Algorithms: (1) Fixed Window: count requests per time window (simple but bursty). (2) Sliding Window: tracks requests in rolling window (smoother). (3) Token Bucket: tokens refill at fixed rate, requests consume tokens (allows bursts). Implementation: Redis INCR + EXPIRE for distributed apps. Store key = IP/userId, value = request count. Middleware checks count before processing. Headers: X-RateLimit-Limit, X-RateLimit-Remaining, X-RateLimit-Reset. Libraries: express-rate-limit, rate-limiter-flexible. Consider: different limits per endpoint, authenticated vs anonymous users.
Profile with clinic.js, check event loop lag, analyze slow database queries, and review middleware chain.
Steps: (1) clinic.js doctor/flame/bubbleprof for profiling. (2) Event loop lag: blocked-at package or process.hrtime(). (3) APM tools: New Relic, Datadog, or 0x for flamegraphs. (4) Slow queries: enable query logging, add indexes, use EXPLAIN. (5) Memory pressure: GC pauses visible in --trace-gc. (6) Middleware audit: measure each middleware's execution time. (7) Connection pooling: ensure database pool isn't exhausted. (8) DNS resolution: cache DNS lookups. (9) Network: check if upstream services are slow. (10) Consider caching hot endpoints with Redis.

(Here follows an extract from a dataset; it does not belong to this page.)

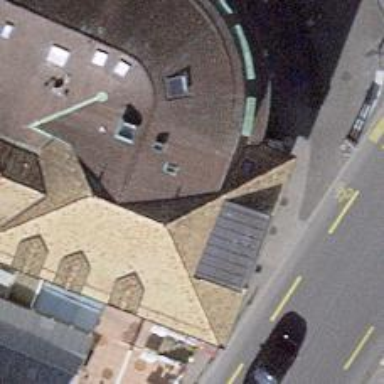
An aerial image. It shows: Restaurant.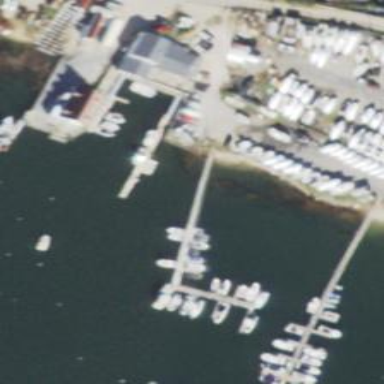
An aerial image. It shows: Commercial mooring pier.

Use WebSockets (Socket.io) for real-time delivery, Redis Pub/Sub for cross-server messaging, and queue for reliability.
Architecture: (1) WebSocket server (Socket.io) for persistent client connections. (2) Redis Pub/Sub for broadcasting across multiple Node instances. (3) Message queue (RabbitMQ/SQS) for guaranteed delivery. (4) REST API for sending notifications. Flow: API receives notification → publishes to Redis → all Socket.io servers receive → deliver to connected clients. Offline users: store in database, deliver on reconnect. Additional: push notifications (FCM/APNs) for mobile, email fallback, rate limiting per user, notification preferences and read status tracking.

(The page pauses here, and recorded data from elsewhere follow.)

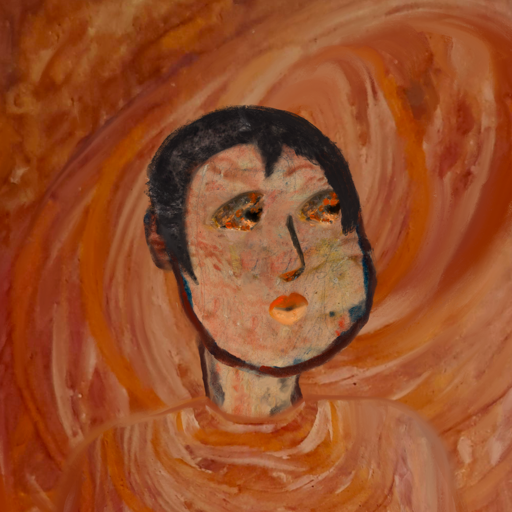
Background: Pious_Lady, Head And Neck Side: Orphan, Face Side: Gypsy_Queen, Bust: Pious_Lady, Hair Side: Roy_Bahadur, Head Accessory: Blank, Second Necklace: Blank, Necklace: Blank, Baby: Blank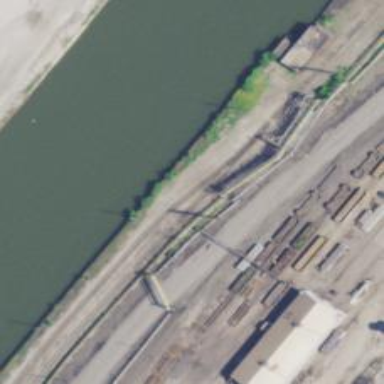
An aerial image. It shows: Railway yard in service.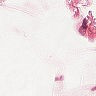
Metastatic tissue present: no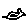
Label: bird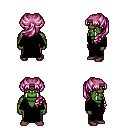
a pixel art fantasy rpg character, male body template, orc, green skin, black robe, robe skirt, pink princess hairstyle, maroon shoes, four views (front, back, left, right), 2x2 character sprite sheet, small pixel art, hard edges, no anti-aliasing

Use saga pattern for distributed transactions, event sourcing, idempotent operations, and eventual consistency with message queues.
Challenges: no distributed ACID transactions across services. Patterns: (1) Saga: sequence of local transactions with compensating actions for rollback. Choreography (event-driven) vs Orchestration (central coordinator). (2) Event Sourcing: store events, not state — replay to rebuild. (3) Outbox pattern: write to DB + outbox table atomically, separate process publishes events. (4) Idempotency keys: prevent duplicate processing. (5) Two-phase commit (2PC): use sparingly, creates bottleneck. (6) CQRS: separate read and write models. Tools: Apache Kafka, RabbitMQ, AWS SQS for reliable messaging.

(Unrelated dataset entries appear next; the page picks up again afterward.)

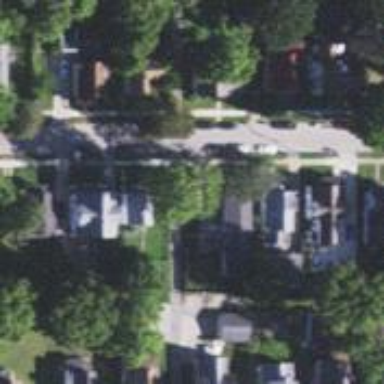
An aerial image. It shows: Alley classified as service road.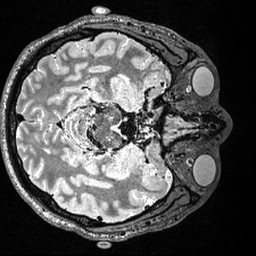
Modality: T2w
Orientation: axial
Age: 27
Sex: male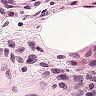
Metastatic tissue present: no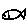
Label: fish
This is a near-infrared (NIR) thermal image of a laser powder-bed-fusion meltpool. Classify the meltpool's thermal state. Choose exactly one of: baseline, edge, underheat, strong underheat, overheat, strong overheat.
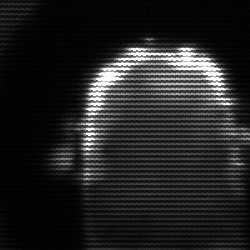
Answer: baseline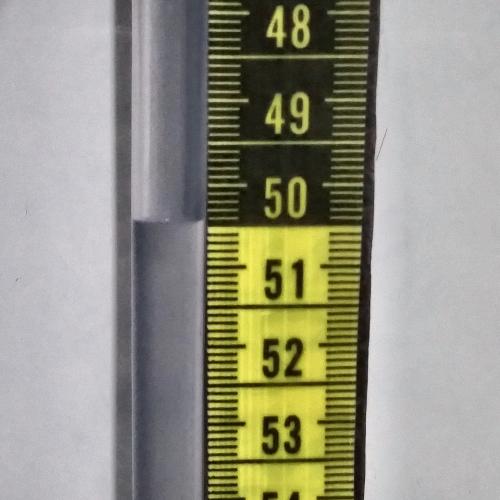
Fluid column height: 50.4 cm

Handle SIGTERM/SIGINT signals to stop accepting connections, finish in-flight requests, close database connections, then exit.
Implementation: (1) process.on('SIGTERM', shutdown). (2) server.close() — stops accepting new connections, waits for existing to finish. (3) Set timeout for forced exit (e.g., 30s). (4) Close database pools, Redis connections, message queue consumers. (5) Flush logs and metrics. (6) process.exit(0). For Kubernetes: readiness probe fails → no new traffic → SIGTERM → graceful shutdown. Health check endpoint returns 503 during shutdown. Handle both SIGTERM (kill) and SIGINT (Ctrl+C). Use stoppable package for HTTP keep-alive connections.